The larger the chi-square value, the more inconsistent the actual observation value is with the theoretical inference value; The smaller the chi-square value, the more consistent the actual observation value is with the theoretical inference value; If the two values are exactly equal, the chi-square value is 0.
from pandas import read_csv
from numpy import set_printoptions
from sklearn.feature_selection import chi2
from sklearn.feature_selection import SelectKBest
from sklearn.feature_selection import RFE
from sklearn.linear_model import LogisticRegression
from sklearn.decomposition import PCA
from sklearn.ensemble import ExtraTreesClassifier
filename = 'pima_data.csv'
names = ['preg', 'plas', 'pres', 'skin', 'test', 'mass', 'pedi', 'age', 'class']
data = read_csv(filename, names=names)
array = data.values
X = array[:,0:8]
Y = array[:,8]
# Data characteristics are selected by chi-square test
# Feature selection
test = SelectKBest(score_func=chi2,k=4)
fit = test.fit(X,Y)
set_printoptions(precision=3)
print(fit.scores_)
features = fit.transform(X)
print(features)
After the implementation of Chi-square test, the score of each data feature and the four data features with the highest score are obtained. [111.52 1411.887 17.605 53.108 2175.565 127.669 5.393 181.304]
[[148. 0. 33.6 50. ]
[ 85. 0. 26.6 31. ]
[183. 0. 23.3 32. ]
...
[121. 112. 26.2 30. ]
[126. 0. 30.1 47. ]
[ 93. 0. 30.4 23. ]]
2.2 Recursive feature elimination
Recursive feature elimination (RFE) uses a sum model to carry out multiple rounds of training. After each round of training, several features of weight coefficients are eliminated, and then the next round of training is carried out based on the new feature set. According to the accuracy of each base model, the data features that have the greatest influence on the final prediction results are found.
# Recursive feature elimination
# Feature selection
model = LogisticRegression(max_iter=3000)# You need to manually set the maximum number of iterations
rfe = RFE(model,3)
fit = rfe.fit(X,Y)
print(" Number of features: ")
print(fit.n_features_)
print(" Selected features: ")
print(fit.support_)
print(" Feature ranking: ")
print(fit.ranking_)
Number of features:
3
Selected features:
[ True False False False False True True False]
Feature ranking:
[1 2 4 6 5 1 1 3]
2.3 Data Dimension Reduction
Common dimensionality reduction methods include PCA (principal component analysis) and LDA (linear discriminant analysis). In clustering algorithm, PCA is usually used to reduce the dimension of data, which is beneficial to simplify the analysis and visualization of data.
# Main component analysis ( Data dimensionality reduction )
# Selecting data features by major component analysis
pca = PCA(n_components=3)
fit = pca.fit(X)
print(" Explain variance: %s"% fit.explained_variance_ratio_)
print(fit.components_)
Interpretation variance: [0.889 0.062 0.026]

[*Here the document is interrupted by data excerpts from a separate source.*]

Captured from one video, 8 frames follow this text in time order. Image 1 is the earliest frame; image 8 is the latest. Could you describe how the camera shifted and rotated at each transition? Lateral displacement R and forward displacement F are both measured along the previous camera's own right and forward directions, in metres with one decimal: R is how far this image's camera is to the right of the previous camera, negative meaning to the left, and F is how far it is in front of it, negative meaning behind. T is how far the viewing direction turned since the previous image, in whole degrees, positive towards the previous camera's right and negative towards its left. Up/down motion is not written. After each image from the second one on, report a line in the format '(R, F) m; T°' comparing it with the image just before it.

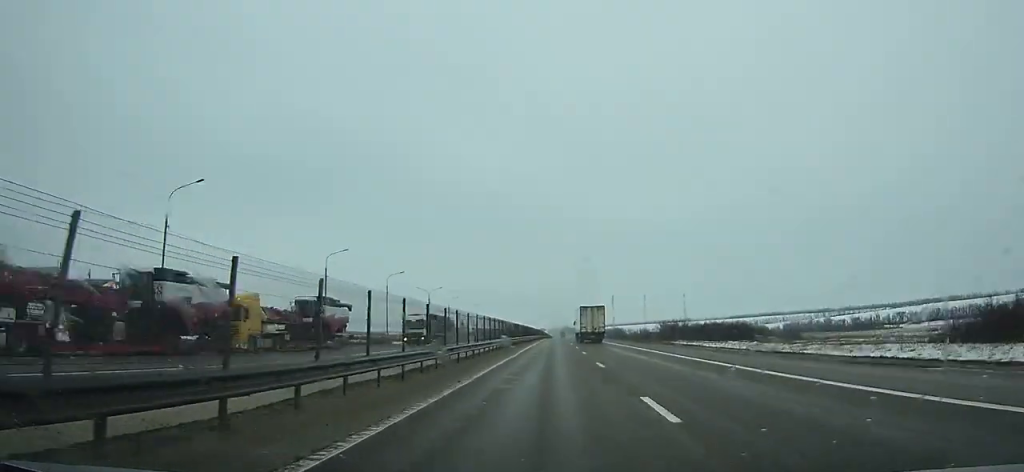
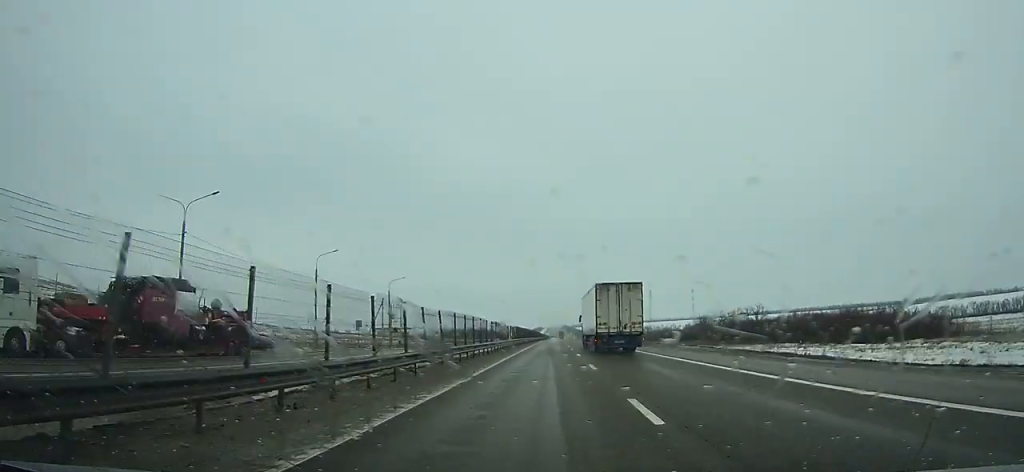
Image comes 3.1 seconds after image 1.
(0.0, +84.2) m; 0°
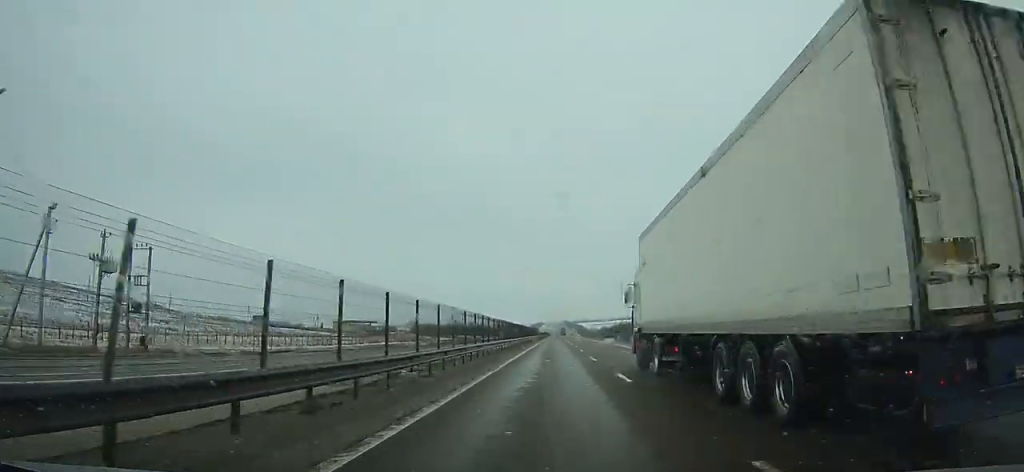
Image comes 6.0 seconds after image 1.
(0.0, +79.0) m; 0°
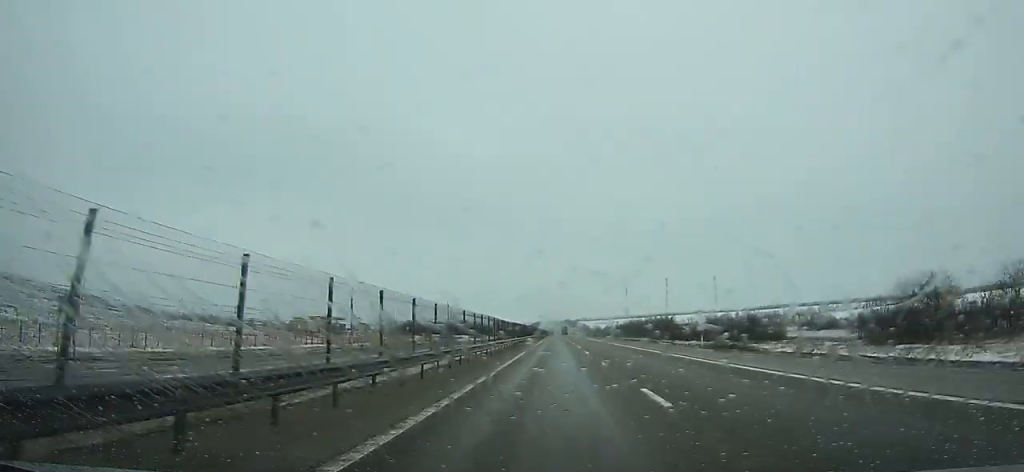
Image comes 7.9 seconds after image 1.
(+0.2, +51.7) m; 0°
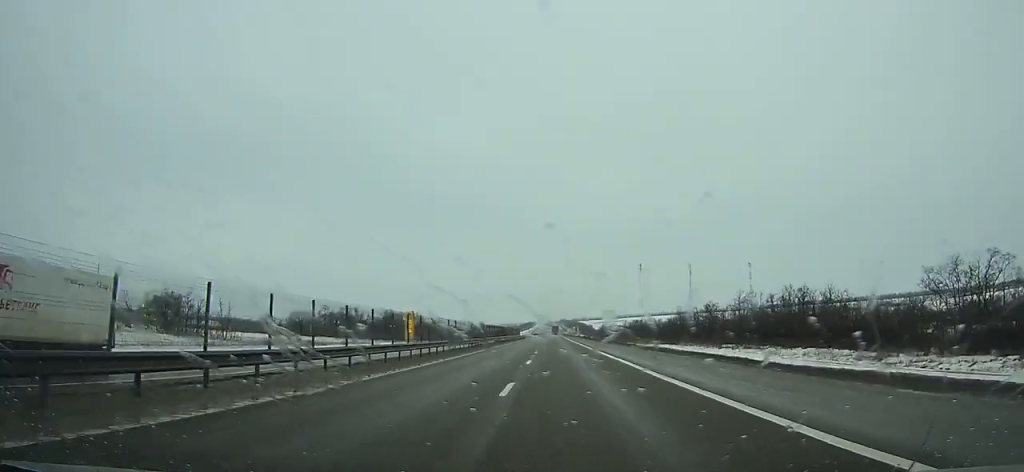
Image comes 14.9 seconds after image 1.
(+0.7, +191.3) m; 0°
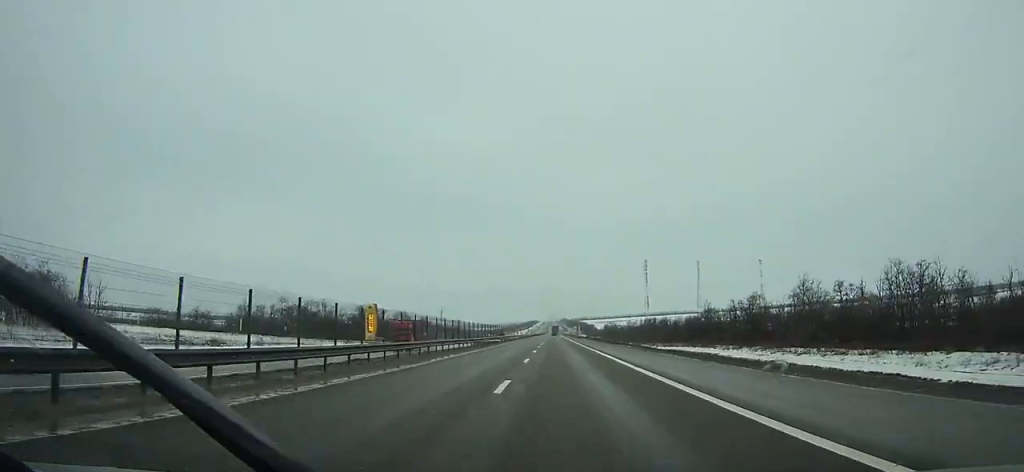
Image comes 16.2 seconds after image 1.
(0.0, +36.0) m; 0°
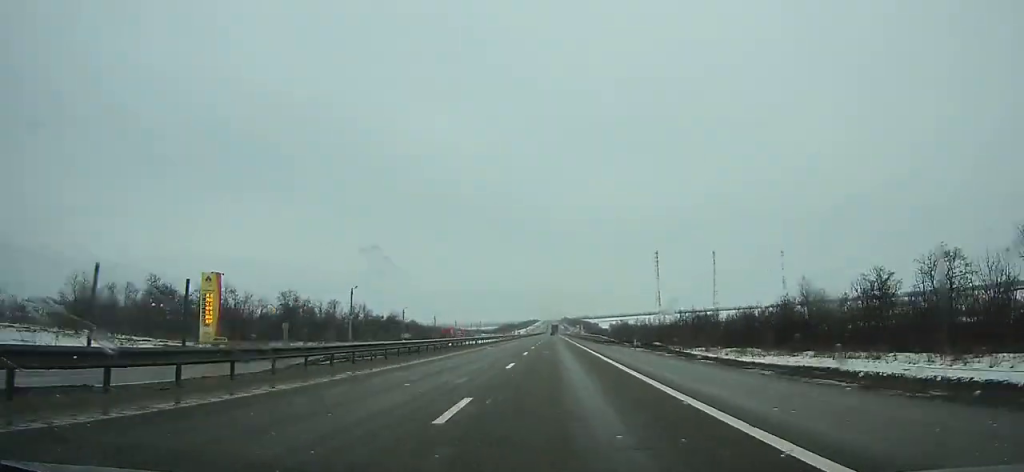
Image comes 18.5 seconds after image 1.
(0.0, +63.9) m; 0°
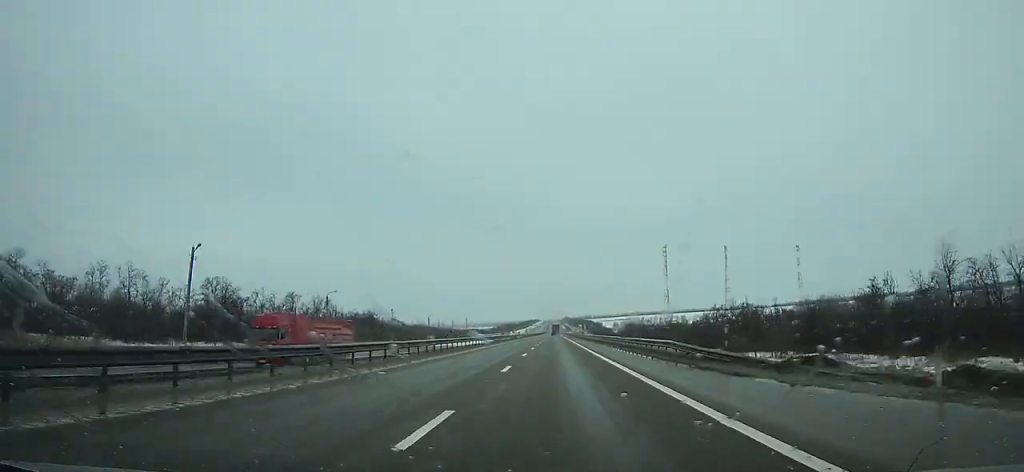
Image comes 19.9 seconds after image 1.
(-0.3, +39.3) m; 0°
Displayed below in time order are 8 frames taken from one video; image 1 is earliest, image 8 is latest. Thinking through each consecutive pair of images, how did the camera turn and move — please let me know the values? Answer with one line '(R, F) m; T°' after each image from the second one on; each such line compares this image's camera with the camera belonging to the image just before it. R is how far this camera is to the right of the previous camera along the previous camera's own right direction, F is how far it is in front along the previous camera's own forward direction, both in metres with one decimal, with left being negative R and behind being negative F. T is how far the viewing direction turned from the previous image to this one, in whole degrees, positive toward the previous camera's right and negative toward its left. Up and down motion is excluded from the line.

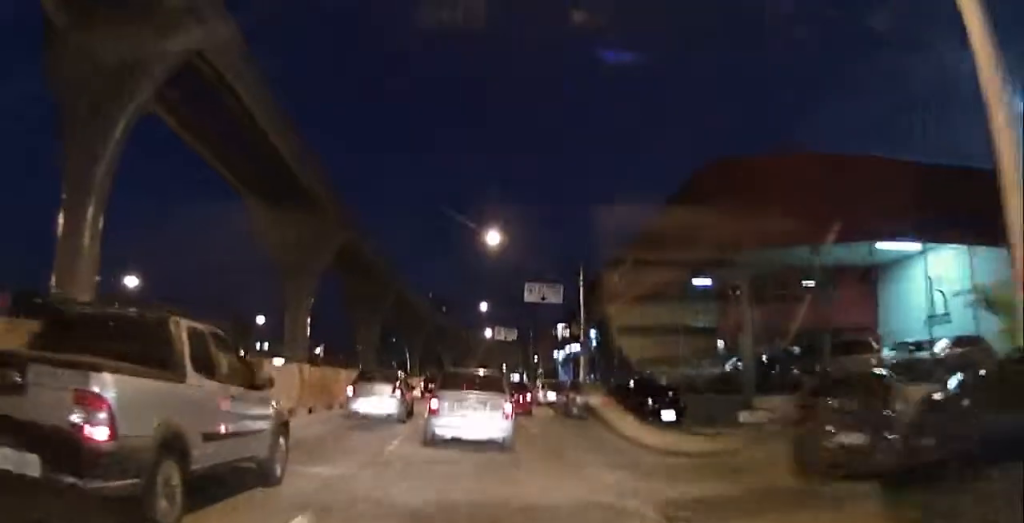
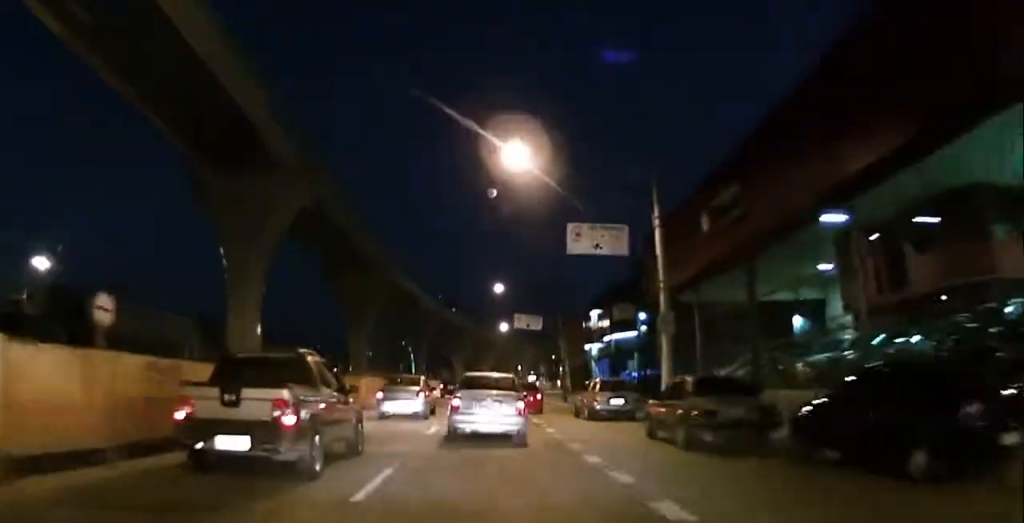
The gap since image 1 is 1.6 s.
(+0.2, +13.6) m; +3°
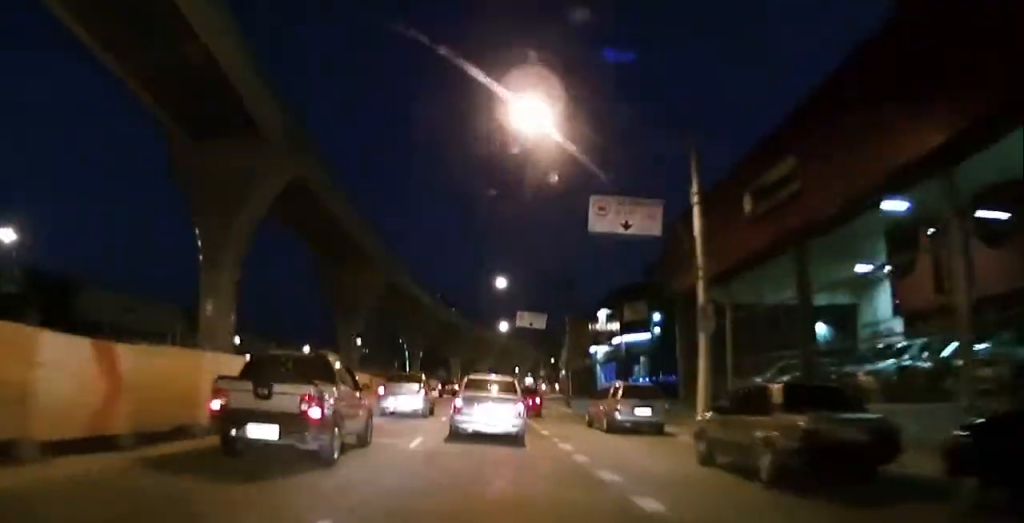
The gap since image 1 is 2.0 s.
(0.0, +3.9) m; 0°
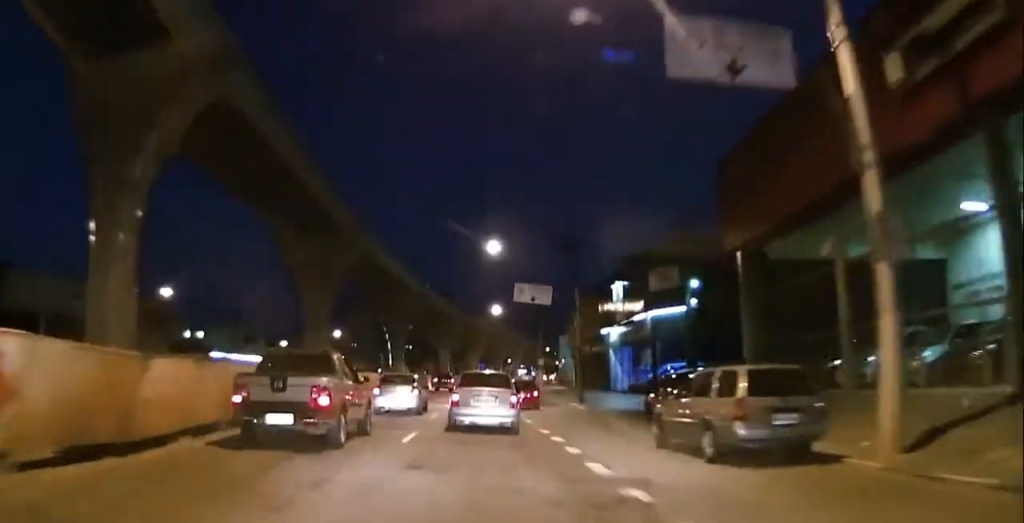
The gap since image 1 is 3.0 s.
(0.0, +8.8) m; 0°
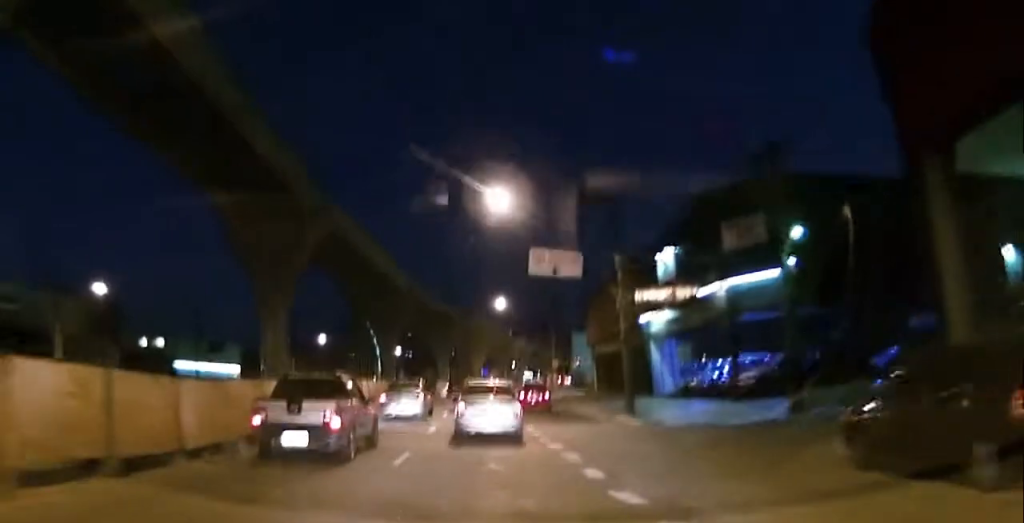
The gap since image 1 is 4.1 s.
(-0.1, +10.9) m; -1°
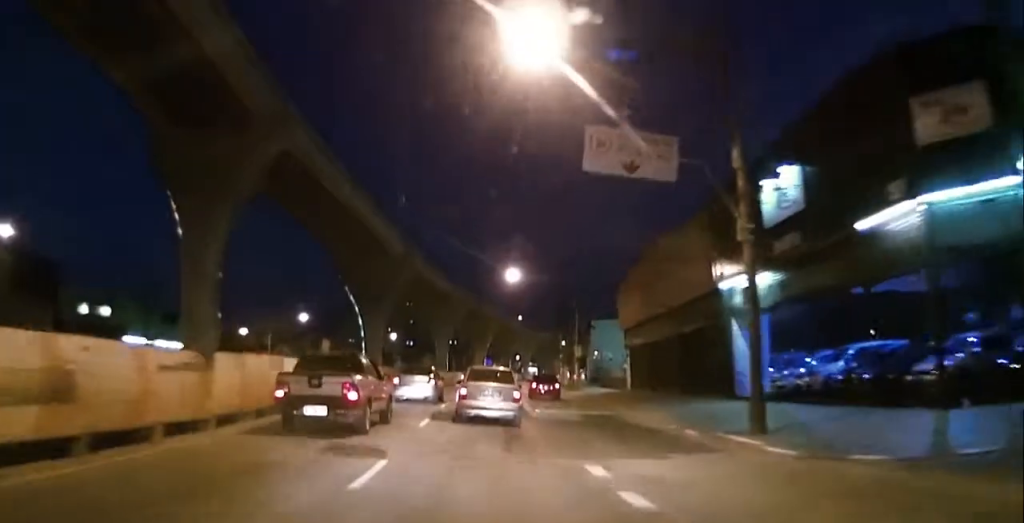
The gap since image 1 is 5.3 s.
(-0.1, +11.9) m; 0°
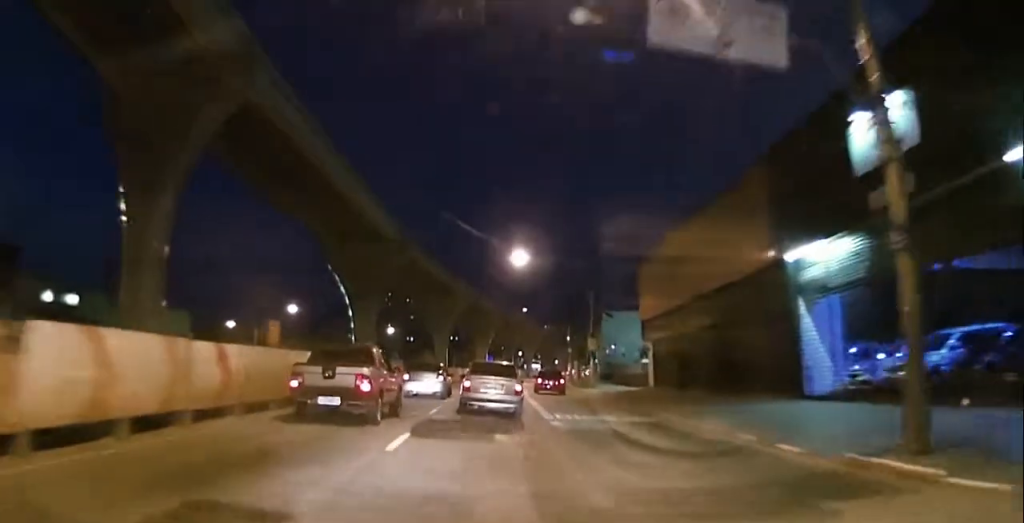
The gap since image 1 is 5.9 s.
(0.0, +5.6) m; -1°
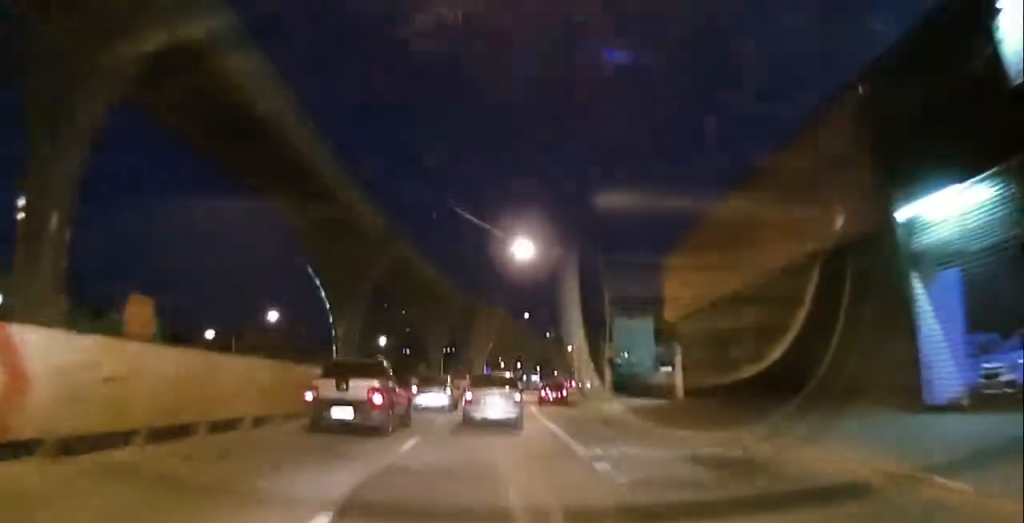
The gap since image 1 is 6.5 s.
(+0.1, +6.3) m; -2°

[[-2.022e-03 9.781e-02 1.609e-02 6.076e-02 9.931e-01 1.401e-02
5.372e-04 -3.565e-03]
[-2.265e-02 -9.722e-01 -1.419e-01 5.786e-02 9.463e-02 -4.697e-02
-8.168e-04 -1.402e-01]
[-2.246e-02 1.434e-01 -9.225e-01 -3.070e-01 2.098e-02 -1.324e-01
-6.400e-04 -1.255e-01]]
2.4 Feature Importance
Using bagged decision tree algorithm, random forest algorithm and extreme random tree algorithm, the importance of data features can be calculated.
# Feature importance
# Feature selection
model = ExtraTreesClassifier()
fit = model.fit(X,Y)
print(fit.feature_importances_)
[0.109 0.234 0.101 0.077 0.076 0.14 0.121 0.142]
Summarize
This paper mainly talks about data preparation in machine learning, including data preprocessing and data feature selection, which are all preparations for post-order optimization algorithm.